It was not easy for the Israelites to wander in the wilderness.  The heat of the day was oppressive.  The cold of the night wind was freezing.  Water was scarce.  The bugs were terrible.  There were snakes underfoot.

At some point, most, if not all of us, wander in the wilderness.  We even have phrases that describe our journeys in the wilderness.  “Going from bad to worse.  Jumping from the frying pan into the fire.  Between a rock and a hard place.  ‘I was told to cheer up, things could get worse.’ so I cheered up – and sure enough, things got worse.”

Christians believe that trips through the wilderness can lead us to a deeper connection with God and to the promised land of trust in God’s presence.  We live with this faith because we believe Jesus is the living bread who sustains us when life challenges us in the wilderness.

Steve Wiens describes the Christian belief of life in the wilderness.

“In the wilderness, you’re given the opportunity to be sustained by the God who will go all the way with you, no matter how hungry you get. No matter how weak, how frail, or how lost. It’s the place where you learn you’re not all that impressive, and you don’t need to be. It’s the place where you learn the ordinary you is enough. The wilderness offers you a chance to be restored by God, if you will stay there long enough.
How to Know You’re in the Wilderness with God, The Arc, Steve Wiens, August 28, 2017

Bob Wright was a 22-year-old pilot in Vietnam.  When he was flying a mission, an enemy bullet pierced a fuel line and caused the jet to crash in flames in the Gulf of Tonkin.  Wright was rescued from enemy fire as a helicopter came to his rescue and a crewman dropped into the sea beside him.  Being placed in a harness he was hoisted into the air as his legs dangled.  He was paralyzed from the waist down as a result of the crash.  It was doubtful he would walk again because his sciatic nerve was crushed.
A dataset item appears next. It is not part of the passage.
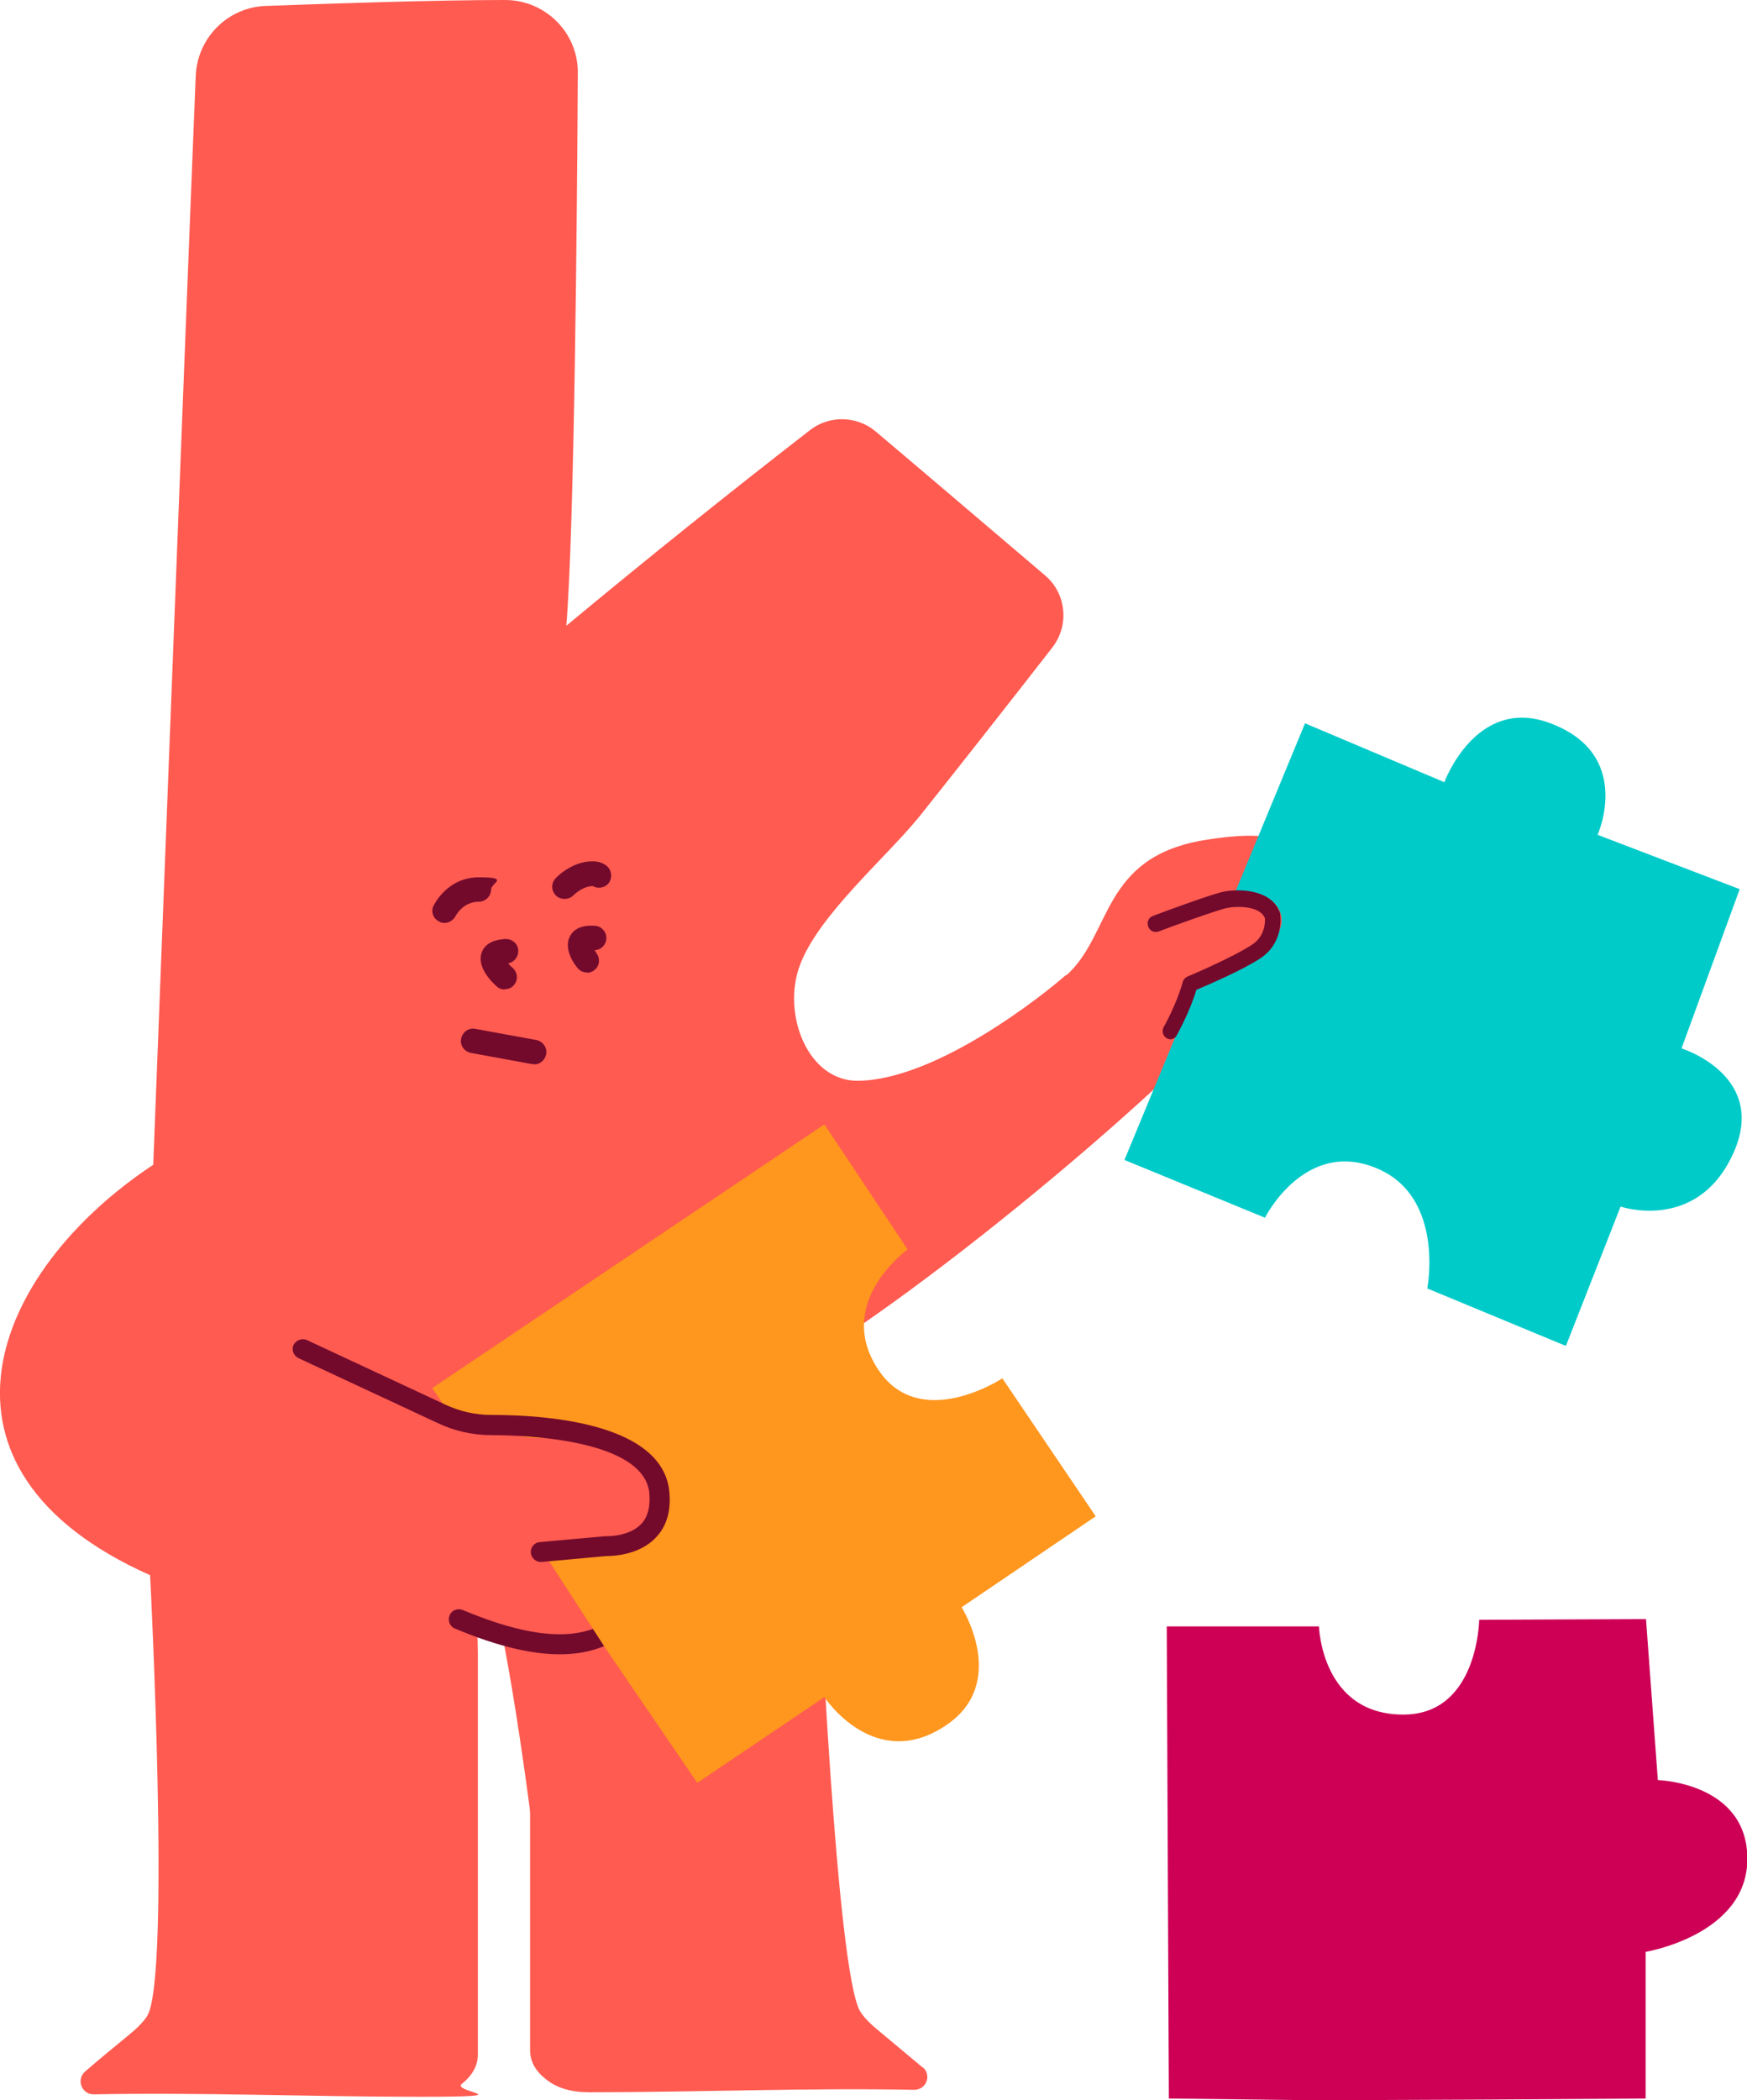 <?xml version="1.0" encoding="UTF-8"?> <svg xmlns="http://www.w3.org/2000/svg" id="Laag_1" version="1.1" viewBox="0 0 501.6 602.8"><defs><style> .st0 { fill: #ff5b51; } .st1 { fill: #ff961e; } .st2 { fill: #00cbc9; } .st3 { fill: #cd0056; } .st4 { fill: #730a2c; } </style></defs><path class="st0" d="M306.1,279.8c-6.2,5.5-37,30.1-59.7,30.4-14.4.2-21.9-19-16.8-33,5.3-14.5,24.7-30.9,34.5-43,8.3-10.4,26.9-34,38-48.3,5-6.4,4.1-15.6-2.1-20.8-12.7-10.8-33.7-28.7-48.5-41.2-5.4-4.6-13.4-4.8-19-.4-23.6,18.3-46.9,37-69.9,56.1,2.3-27.6,3.1-118.1,3.3-158.7C166,9.4,156.6,0,145,0c-19.9,0-49.4,1-68.7,1.7-10.9.4-19.6,9.1-20.1,20-2,48.3-12.2,312.6-12.2,312.6-46.7,30.9-69.2,87.4-.9,117.8,0,0,6,116.2-.9,126.6-1.6,2.4-3.9,4.3-6.1,6.1-3.9,3.2-7.8,6.4-11.6,9.7h0c-2.7,2.3-1.1,6.6,2.4,6.6,31.2-.6,62.1.7,93.4.7s9.2-1.2,12.3-3.7c3.1-2.5,4.6-5.3,4.6-8.4v-115.4l-.6-31.8c11.2,19.2,23.6,146,23.6,146,0,0,107,4.2,90.4,2.5-32.4-3.4-16-127.1-15.6-142.3,0-2.1-.3-57.2.7-59.1,1.3-2.4,3.6-3.9,5.8-5.4,49-32.6,124.4-98.8,126.6-113.4s9-12.8,7-20.7c-2-7.9-7-12.6-29.2-9-29.9,4.9-26.5,27.1-39.8,38.9h0Z"></path><path class="st0" d="M264.8,593.3h0c-3.9-3.3-7.8-6.5-11.6-9.7-2.2-1.8-4.5-3.7-6.1-6.1-7-10.4-12.1-129-12.1-129l-82.8,24.6v115.3c0,3.2,1.5,6,4.6,8.4,3.1,2.5,7.2,3.7,12.3,3.7,31.3,0,62.2-1.3,93.4-.7,3.5,0,5.1-4.3,2.4-6.5"></path><path class="st0" d="M89.9,397.2c9.2,8,33.9,14.3,52.2,19.5l16.4,32.9c10.1,5.6,33.9-.2,34.8,15.2.5,8.9-16,11-38.4,8-31.9-4.2-75.8-18.6-99.9-38.5"></path><path class="st4" d="M160.7,474.8c-7.4,0-17-1.9-30.1-7.4-1.5-.6-2.1-2.3-1.5-3.8.6-1.5,2.3-2.1,3.8-1.5,24.8,10.4,35.6,7.1,42.2,3.1,1.4-.8,3.1-.4,3.9,1,.8,1.4.4,3.1-1,3.9-4,2.5-9.3,4.7-17.3,4.7h0Z"></path><path class="st1" d="M148.7,434.2l-24.6-35.8,112.6-75.7,23.9,35.9s-21.6,15.5-8.1,35c12.1,17.3,35.3,2,35.3,2l26.8,39.6-38.5,26.1s13.7,21.7-4.5,33.9c-20.5,13.8-34.9-8.1-34.9-8.1l-36.5,24.6-26.4-38.7-25.2-38.9h0Z"></path><path class="st0" d="M53,416.3c20.5,16.9,70.9,34.4,99.8,41.1,0,0-2.3-12.7,2.5-12,22.5,3,32.9-4.1,32.9-12.9,0-29.7-31.3-15.7-41.4-21.3l-26.2-4.4"></path><path class="st4" d="M155.3,448.3c-1.5,0-2.7-1.1-2.9-2.6-.1-1.6,1-3,2.6-3.1l18.8-1.7c.1,0,.3,0,.4,0,0,0,6.5.2,10-3.6,1.9-2.1,2.6-5.1,2.2-9.1-2-15-35.2-16.3-45.3-16.3-5.4,0-10.7-1.2-15.5-3.5l-39.9-18.6c-1.4-.7-2.1-2.4-1.4-3.8.7-1.4,2.4-2,3.8-1.4l39.9,18.6c4.1,1.9,8.5,2.9,13.1,2.9,18,0,48.4,3,51,21.3.7,5.8-.5,10.4-3.7,13.8-4.9,5.3-12.8,5.4-14.3,5.4l-18.6,1.7c0,0-.2,0-.3,0h0Z"></path><path class="st2" d="M322.9,332.8l51.8-125.2,40,16.9s9.1-24.8,30.2-17c24.3,8.9,13.8,32.1,13.8,32.1l40.8,15.6-16.7,45.7s25.7,8,14.4,31.1c-10.5,21.6-31.9,14.3-31.9,14.3l-15.7,40-39.8-16.5s5.1-26.1-14.3-34.4c-20.8-8.9-32.3,14.1-32.3,14.1l-40.4-16.6h0Z"></path><path class="st3" d="M378.2,602.8l-42.6-.5-.6-135.5h43.7s.7,25.6,24.6,25.3c21.1-.3,21.4-27.2,21.4-27.2l47.9-.2,3.4,46.2s25.7.7,25.7,22.6-29.2,26.7-29.2,26.7v42.1l-47,.3"></path><path class="st4" d="M168.5,279.1c-1,0-2-.4-2.7-1.3-1-1.2-4-5.4-2.2-9,.8-1.6,2.7-3.4,7.2-3.1,1.9.1,3.4,1.8,3.3,3.7-.1,1.8-1.6,3.3-3.4,3.3.2.3.4.5.5.8,1.2,1.5,1,3.7-.5,4.9-.6.5-1.4.8-2.2.8h0ZM169.1,272.7h0Z"></path><path class="st4" d="M144.9,284c-.8,0-1.7-.3-2.3-.9-1.8-1.6-5.7-5.7-4.3-9.7.6-1.7,2.3-3.7,6.9-3.9,1.9,0,3.6,1.4,3.6,3.4,0,1.8-1.2,3.3-2.9,3.6.4.5.9,1,1.4,1.4,1.4,1.3,1.5,3.5.2,4.9-.7.8-1.6,1.1-2.6,1.1h0Z"></path><path class="st4" d="M162.1,258c-.9,0-1.8-.3-2.5-1-1.4-1.4-1.4-3.6,0-5,3-3,6.9-4.8,10.5-4.8,1.9,0,3.4.6,4.4,1.6,1.3,1.4,1.3,3.6,0,5-1.2,1.1-3,1.3-4.3.5-.8,0-3.1.3-5.6,2.7-.7.7-1.6,1-2.5,1h0ZM169.6,253.7h0Z"></path><path class="st4" d="M127.6,264.9c-.5,0-1-.1-1.5-.4-1.7-.8-2.5-2.9-1.6-4.6.2-.3,3.9-8.1,13-8.1s3.5,1.6,3.5,3.5-1.6,3.5-3.5,3.5c-4.6,0-6.6,4-6.7,4.1-.6,1.2-1.9,2-3.2,2h0Z"></path><path class="st4" d="M153.3,305.4c-.2,0-.4,0-.6,0l-17.5-3.2c-1.9-.4-3.2-2.2-2.8-4.1s2.2-3.2,4.1-2.8l17.5,3.2c1.9.4,3.2,2.2,2.8,4.1-.3,1.7-1.8,2.9-3.4,2.9h0Z"></path><path class="st0" d="M331.6,262.5c5.6-1.6,11.2-3.2,16.8-4.8,3.9-1.1,7.9-2.2,11.8-1.5,4,.7,7.8,3.9,7.8,7.9,0,2.7-1.6,5.2-3.6,7-7.5,7.1-19,7.4-28.6,11.2"></path><path class="st4" d="M336.2,298.3c-.4,0-.8-.1-1.2-.3-1.1-.6-1.5-2.1-.9-3.2,0,0,3.6-6.2,5.5-13,.2-.7.7-1.2,1.3-1.5.1,0,13-5.5,18.5-9.1,4-2.6,3.8-6.7,3.8-7.6-1.3-3.6-7.9-3.6-10.9-3-2.6.5-17,5.7-19.5,6.7-1.2.5-2.6,0-3.1-1.3s0-2.6,1.3-3.1c2-.8,17.2-6.4,20.4-7,4.7-.9,14-.6,16.2,6.4,0,.1,0,.2,0,.4,0,.3,1.1,7.9-5.8,12.4-5,3.3-15,7.6-18.3,9-2.1,6.9-5.5,12.7-5.6,13-.4.8-1.2,1.2-2,1.2h0Z"></path></svg>

Bob wrote of how he was placed in a hospital bed and of how the months dragged by until one gray day when the paramedics carried in a young soldier named John who had suffered significant injuries by throwing himself on a live grenade to protect his friends.  To Bob Wright, this was an astounding act of bravery, but he reported that even more surprising was John’s answer when a nurse asked John if he needed anything from his seabag.  John’s reply, was “just my Bible, please.”  The nurses fixed a special stand for John’s Bible so John could turn the pages with a tongue depressor.

Bob reported that at different times, the tongue depressor would fall from John’s lips as some verse seemed to mean something special, and he would murmur, “Thank you, Lord.”  John never complained.  He never cursed the enemy.  He was always encouraging other people on the ward and even the nurses would visit John after they went off duty because he was giving them strength.  Bob reports that John’s generous nature touched everyone except him because he could not feel sorry for himself with a fanatic in the next bed.  Bob would lay awake at night silently curing John and hating him for being able to look at life with any kind of hope at all.  After some time, the doctors removed Bob’s restraining belts, but anger was still burning in him.  One morning, Bob awoke to hear John praying.  As he listened, he thought to himself, “what is it now?”  To his astonishment, he heard John praying, “Lord, help Bob, he’s got no hope.”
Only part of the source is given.